## Directions for this task
For this exercise, copy each line of the records that contains the word "left".

## Source records
# # #
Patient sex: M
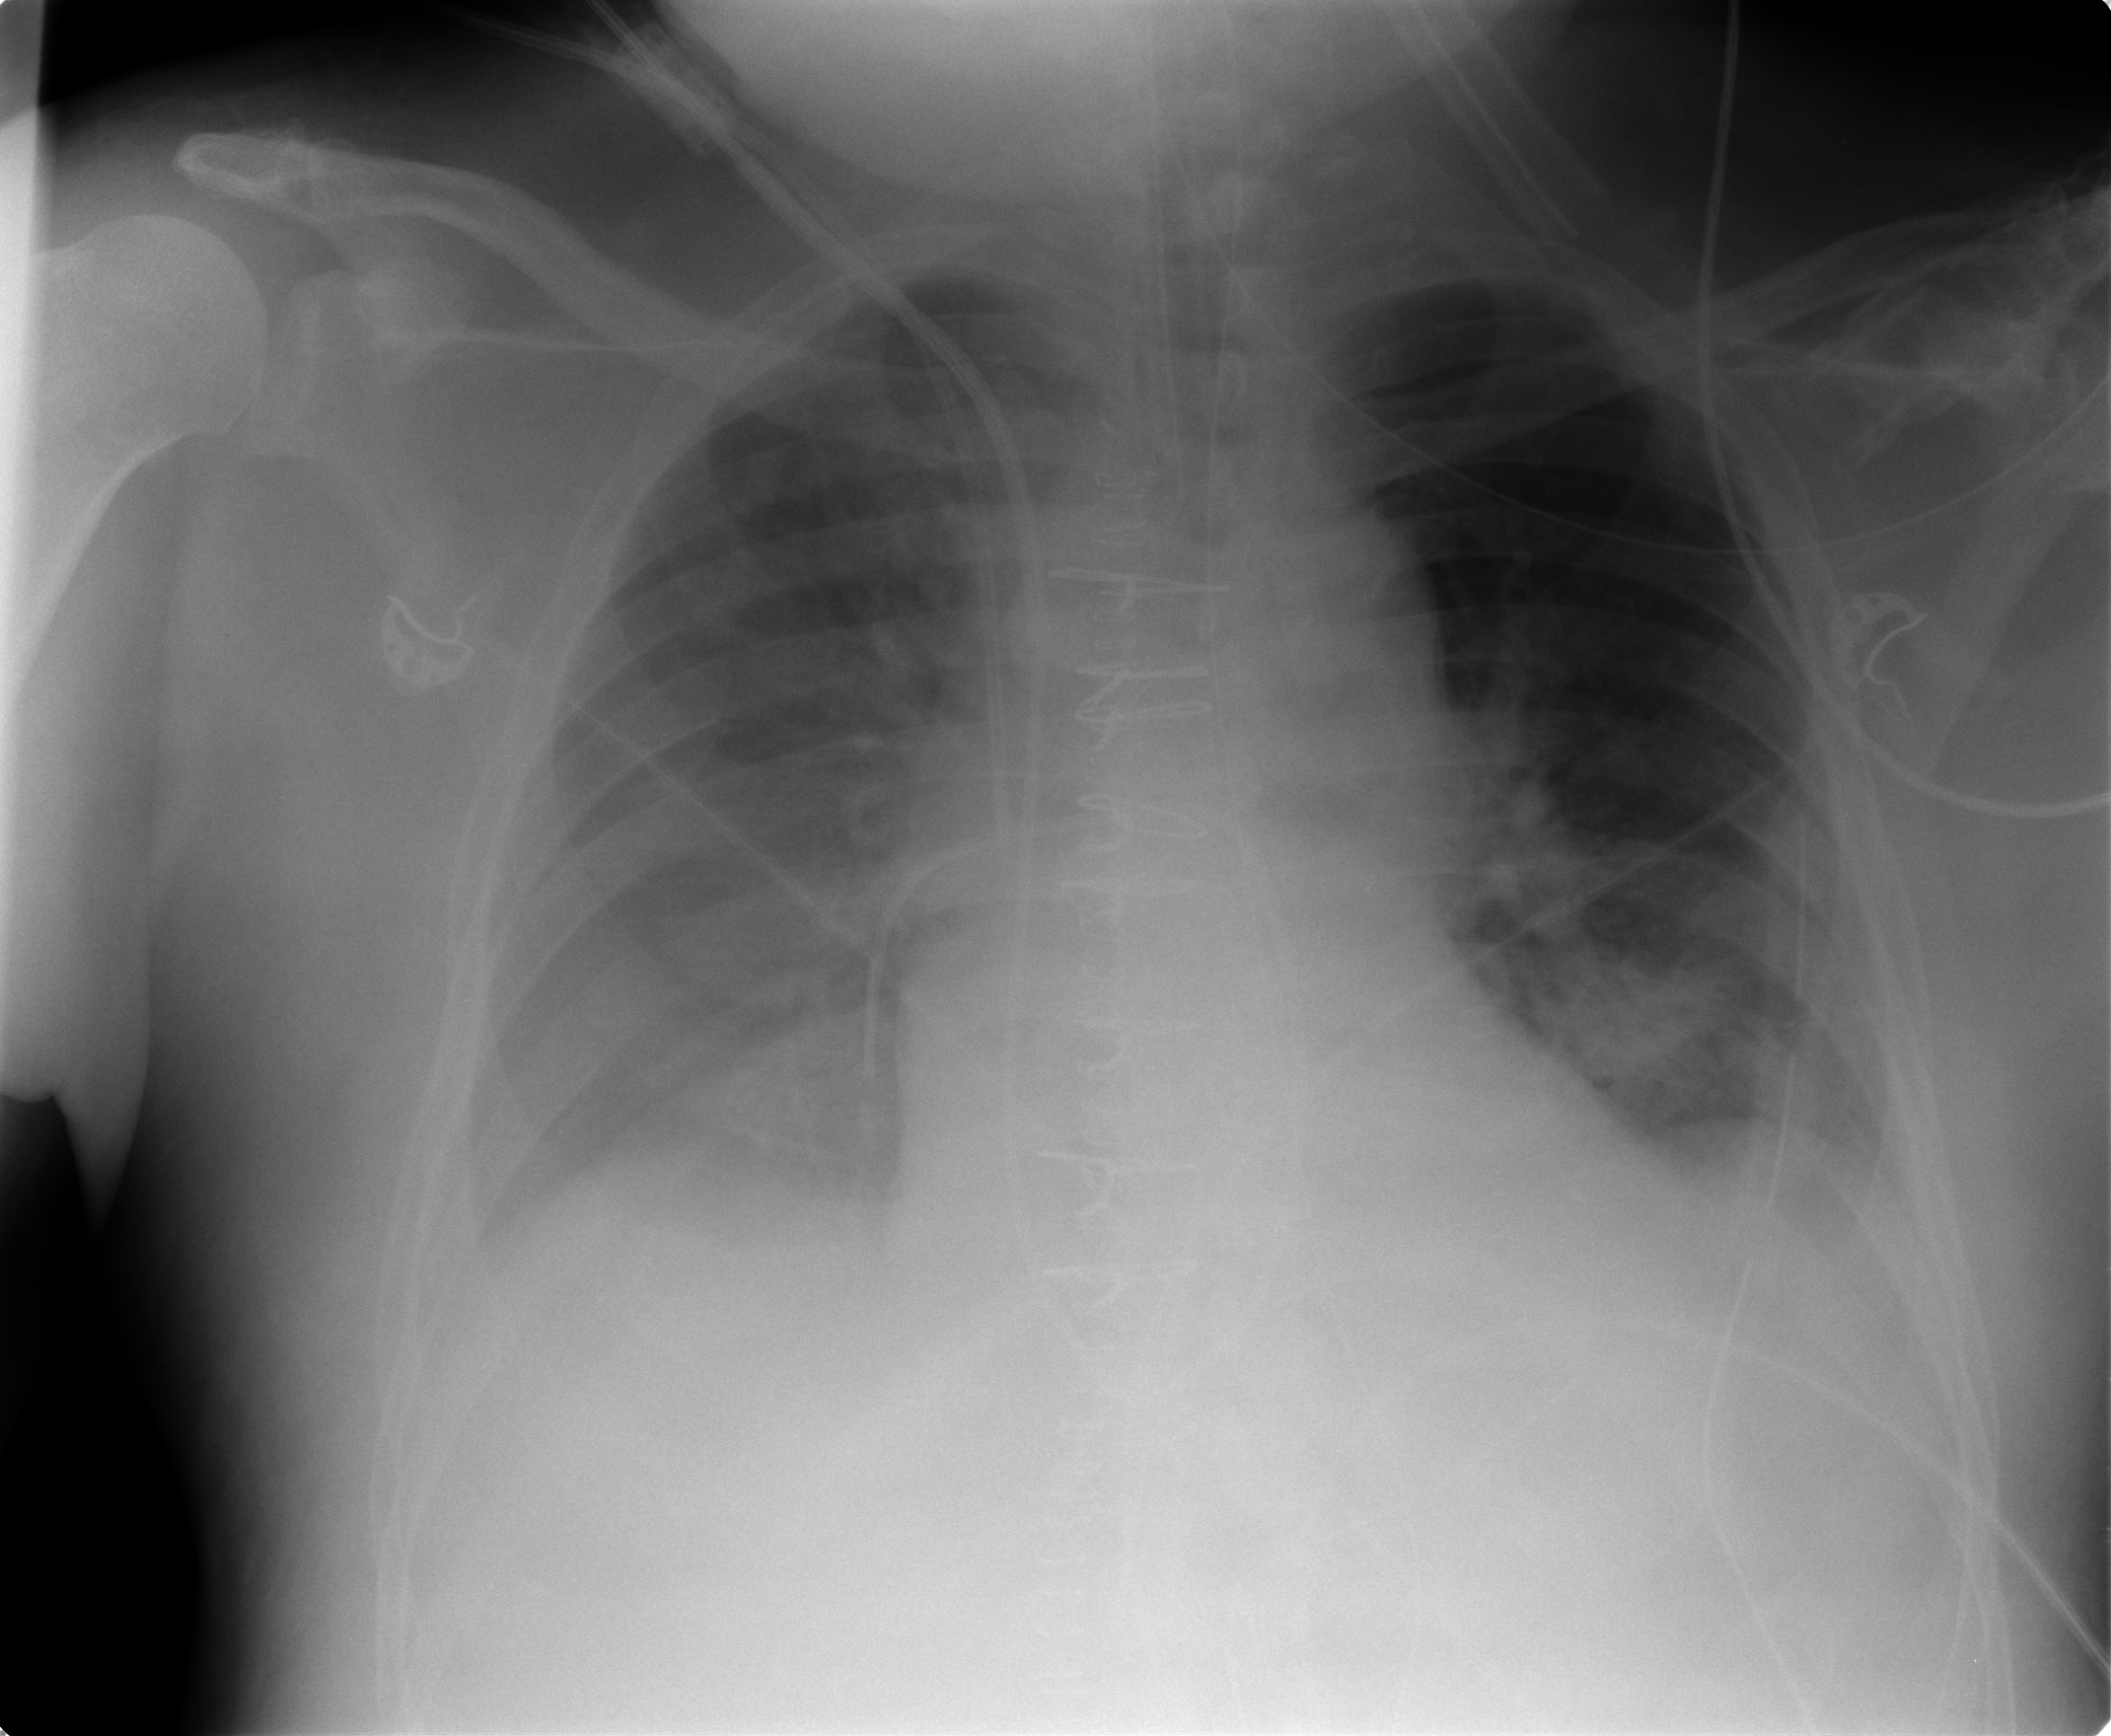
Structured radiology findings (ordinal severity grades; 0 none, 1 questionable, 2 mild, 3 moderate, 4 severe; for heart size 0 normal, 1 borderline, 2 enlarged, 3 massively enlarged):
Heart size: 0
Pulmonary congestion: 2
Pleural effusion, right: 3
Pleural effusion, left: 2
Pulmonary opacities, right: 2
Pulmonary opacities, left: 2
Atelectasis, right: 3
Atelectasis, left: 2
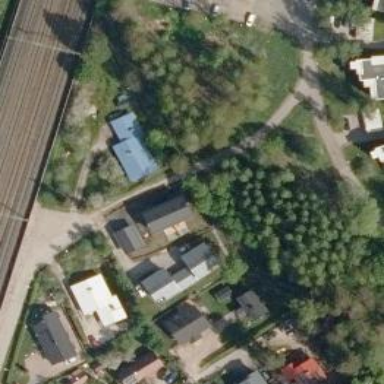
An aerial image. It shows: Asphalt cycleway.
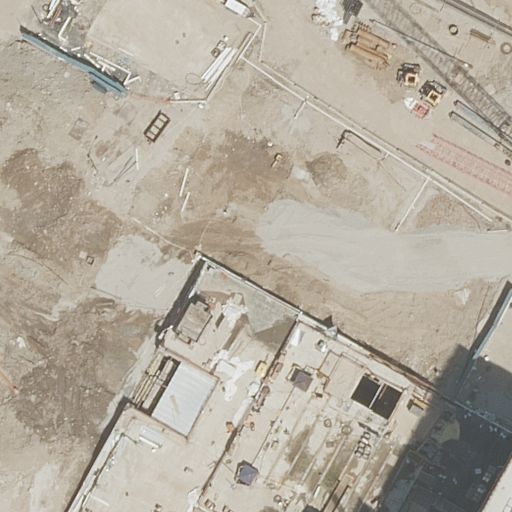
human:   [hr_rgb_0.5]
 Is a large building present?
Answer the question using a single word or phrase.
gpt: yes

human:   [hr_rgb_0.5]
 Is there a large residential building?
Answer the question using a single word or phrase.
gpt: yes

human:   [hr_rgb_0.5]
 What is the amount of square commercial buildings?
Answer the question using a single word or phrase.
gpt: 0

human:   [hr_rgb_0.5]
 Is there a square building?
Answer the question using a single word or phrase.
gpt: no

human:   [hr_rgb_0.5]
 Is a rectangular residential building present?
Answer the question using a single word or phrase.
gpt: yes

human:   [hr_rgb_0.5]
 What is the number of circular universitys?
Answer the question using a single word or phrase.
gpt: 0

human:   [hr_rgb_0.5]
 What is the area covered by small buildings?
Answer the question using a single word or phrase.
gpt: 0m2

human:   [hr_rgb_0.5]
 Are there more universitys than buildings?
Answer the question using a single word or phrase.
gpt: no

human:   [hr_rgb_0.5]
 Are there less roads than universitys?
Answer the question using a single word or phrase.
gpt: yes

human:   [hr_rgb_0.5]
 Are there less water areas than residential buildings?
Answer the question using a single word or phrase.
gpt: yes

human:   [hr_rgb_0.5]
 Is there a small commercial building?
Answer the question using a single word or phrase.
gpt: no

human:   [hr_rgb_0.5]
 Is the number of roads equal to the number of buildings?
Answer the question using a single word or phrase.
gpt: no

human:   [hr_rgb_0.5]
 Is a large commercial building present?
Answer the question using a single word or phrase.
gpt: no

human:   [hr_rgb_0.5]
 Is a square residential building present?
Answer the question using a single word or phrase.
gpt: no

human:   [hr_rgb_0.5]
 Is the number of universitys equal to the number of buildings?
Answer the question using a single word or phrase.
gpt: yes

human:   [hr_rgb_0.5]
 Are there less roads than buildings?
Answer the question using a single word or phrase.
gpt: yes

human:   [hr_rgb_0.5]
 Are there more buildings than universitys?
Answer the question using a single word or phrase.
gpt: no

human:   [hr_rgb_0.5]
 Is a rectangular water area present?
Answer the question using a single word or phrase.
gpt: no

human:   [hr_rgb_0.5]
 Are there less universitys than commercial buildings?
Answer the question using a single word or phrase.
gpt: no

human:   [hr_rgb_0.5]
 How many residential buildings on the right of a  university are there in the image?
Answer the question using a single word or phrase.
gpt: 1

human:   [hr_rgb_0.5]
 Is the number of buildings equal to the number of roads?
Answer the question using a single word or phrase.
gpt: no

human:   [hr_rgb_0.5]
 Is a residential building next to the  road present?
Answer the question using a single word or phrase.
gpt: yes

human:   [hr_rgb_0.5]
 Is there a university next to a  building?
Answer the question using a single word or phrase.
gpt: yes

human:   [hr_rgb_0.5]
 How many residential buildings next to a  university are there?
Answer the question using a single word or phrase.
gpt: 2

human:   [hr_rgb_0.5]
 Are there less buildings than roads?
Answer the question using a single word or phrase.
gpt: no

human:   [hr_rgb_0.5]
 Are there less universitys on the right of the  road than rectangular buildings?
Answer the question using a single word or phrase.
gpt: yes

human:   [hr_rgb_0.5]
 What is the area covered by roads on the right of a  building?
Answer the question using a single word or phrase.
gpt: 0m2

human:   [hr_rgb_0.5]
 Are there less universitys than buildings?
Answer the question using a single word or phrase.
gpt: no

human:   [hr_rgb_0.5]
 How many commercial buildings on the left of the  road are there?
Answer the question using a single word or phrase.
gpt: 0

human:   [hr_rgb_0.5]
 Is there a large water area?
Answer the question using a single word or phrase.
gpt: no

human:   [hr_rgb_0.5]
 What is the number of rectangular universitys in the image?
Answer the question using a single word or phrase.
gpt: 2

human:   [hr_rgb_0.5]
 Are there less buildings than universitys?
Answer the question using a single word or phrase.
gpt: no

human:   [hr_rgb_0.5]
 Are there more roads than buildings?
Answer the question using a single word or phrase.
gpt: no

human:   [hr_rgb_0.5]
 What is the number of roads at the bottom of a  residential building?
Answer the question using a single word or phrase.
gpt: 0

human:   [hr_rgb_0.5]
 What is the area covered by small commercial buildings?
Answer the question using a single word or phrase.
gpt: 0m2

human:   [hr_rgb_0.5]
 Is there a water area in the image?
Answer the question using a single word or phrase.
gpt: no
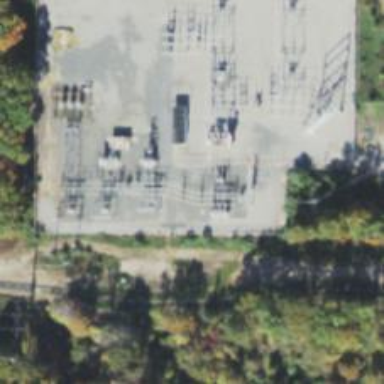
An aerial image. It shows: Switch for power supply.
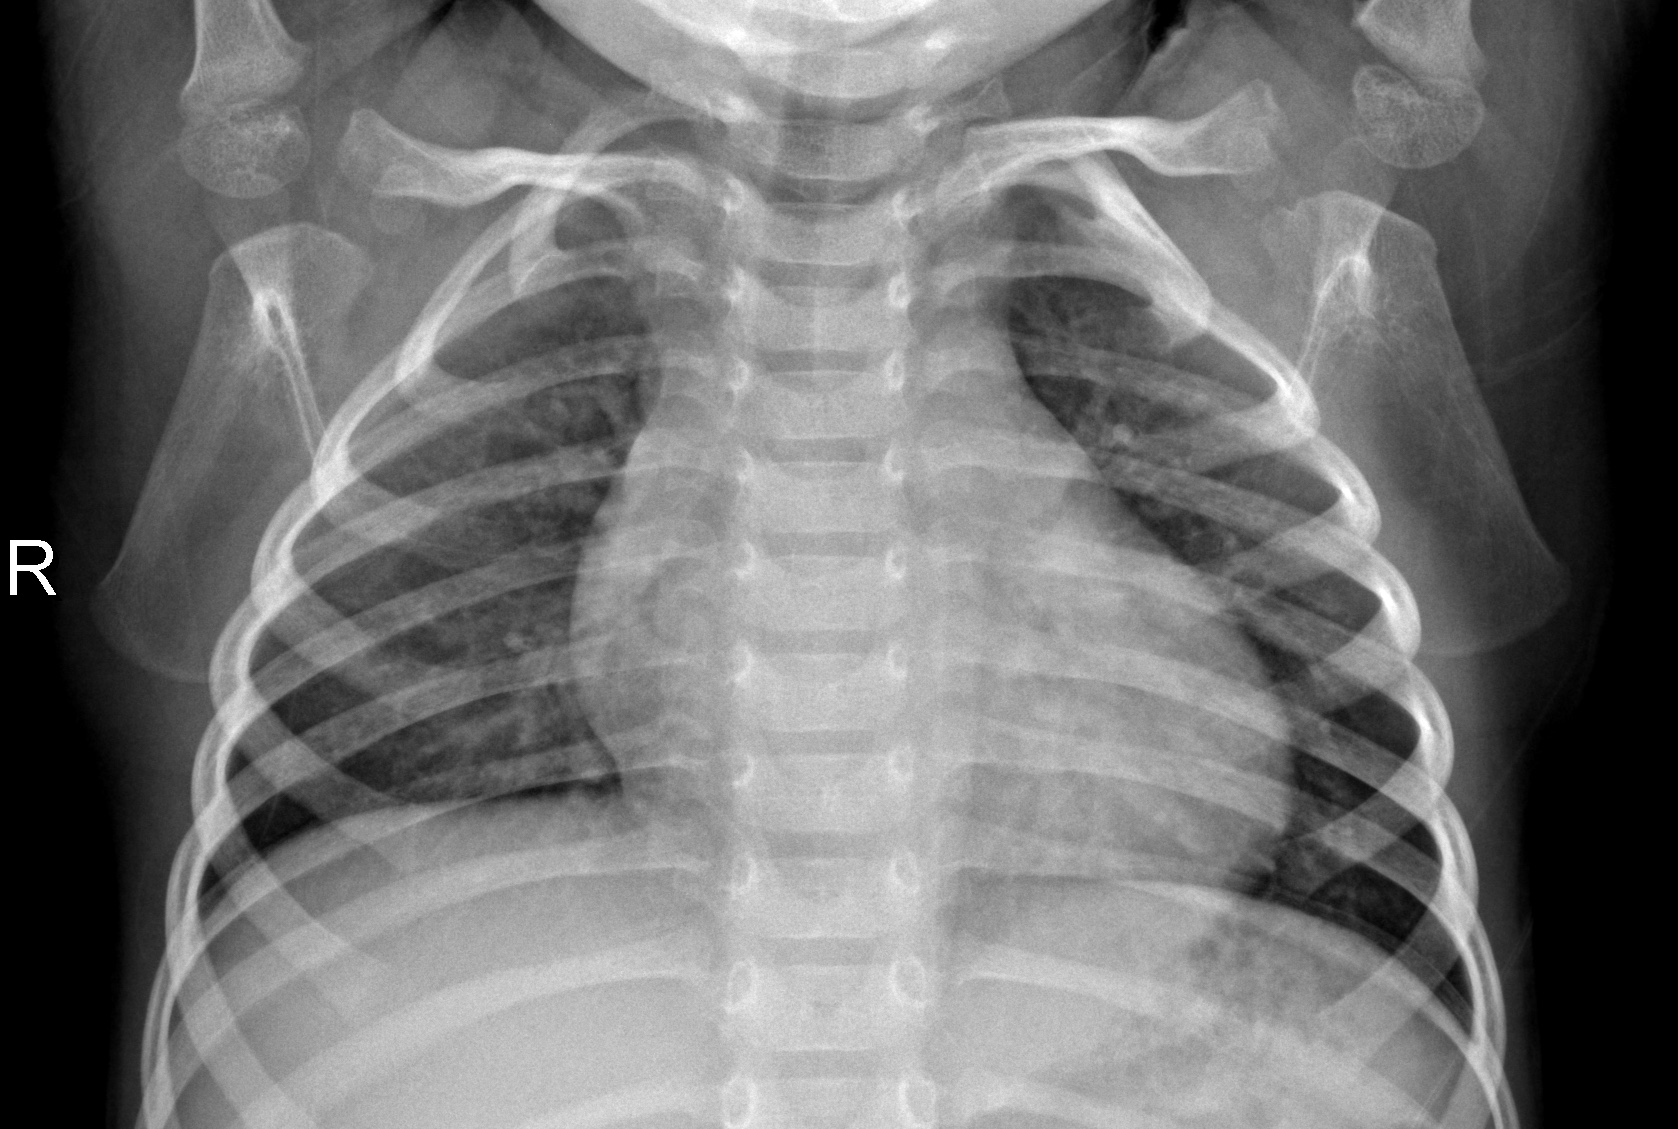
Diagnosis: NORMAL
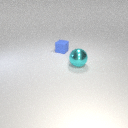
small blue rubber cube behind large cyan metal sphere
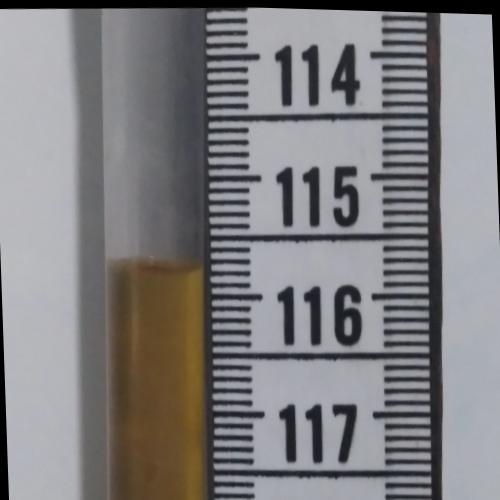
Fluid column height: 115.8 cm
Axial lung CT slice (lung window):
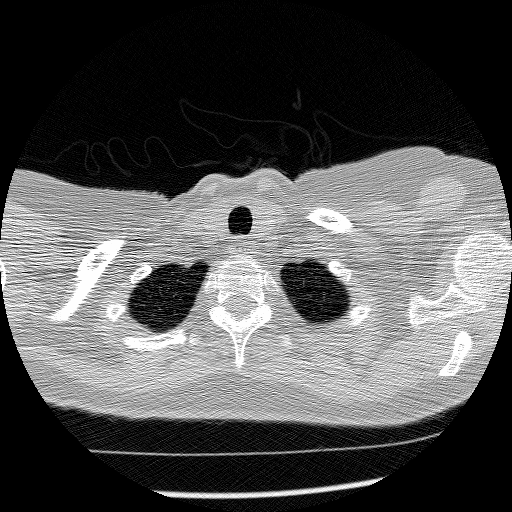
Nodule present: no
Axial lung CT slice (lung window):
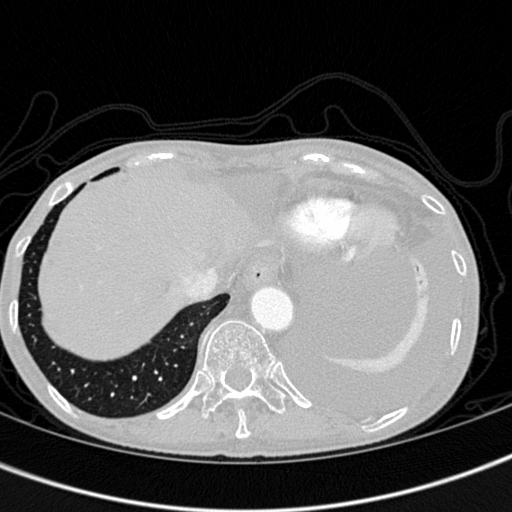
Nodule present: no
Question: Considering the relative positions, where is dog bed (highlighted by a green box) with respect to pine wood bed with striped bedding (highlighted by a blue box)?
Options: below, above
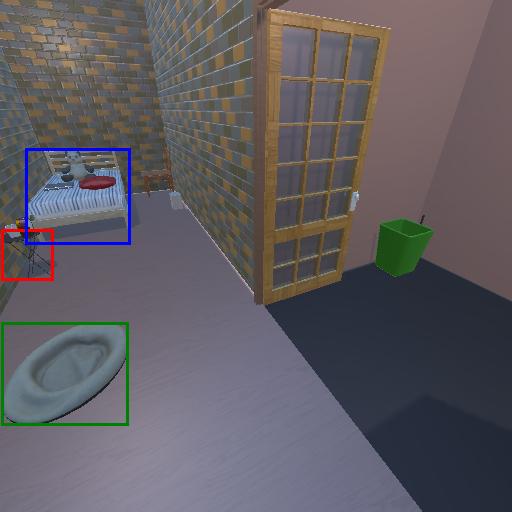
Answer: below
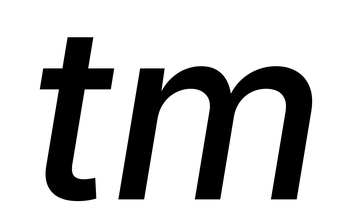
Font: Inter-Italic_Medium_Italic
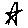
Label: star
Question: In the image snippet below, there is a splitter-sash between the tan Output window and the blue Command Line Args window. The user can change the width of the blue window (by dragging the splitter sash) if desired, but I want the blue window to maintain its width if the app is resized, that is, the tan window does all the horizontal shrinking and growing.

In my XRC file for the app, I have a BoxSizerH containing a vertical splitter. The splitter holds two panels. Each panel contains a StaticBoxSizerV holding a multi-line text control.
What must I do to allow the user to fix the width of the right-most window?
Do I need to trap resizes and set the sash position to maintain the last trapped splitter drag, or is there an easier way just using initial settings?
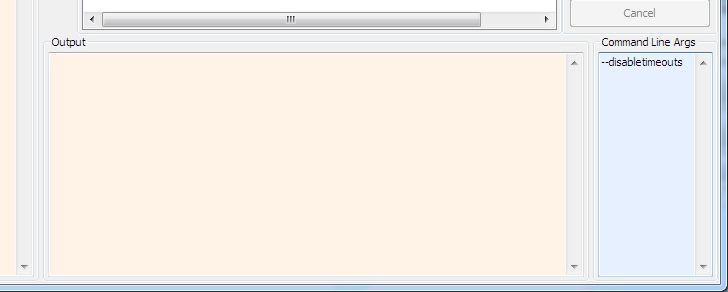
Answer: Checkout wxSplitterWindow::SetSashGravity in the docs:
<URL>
# # #
## Response to the task
Pleural effusion, left: 2
Pulmonary opacities, left: 2
Atelectasis, left: 2
 How many commercial buildings on the left of the  road are there?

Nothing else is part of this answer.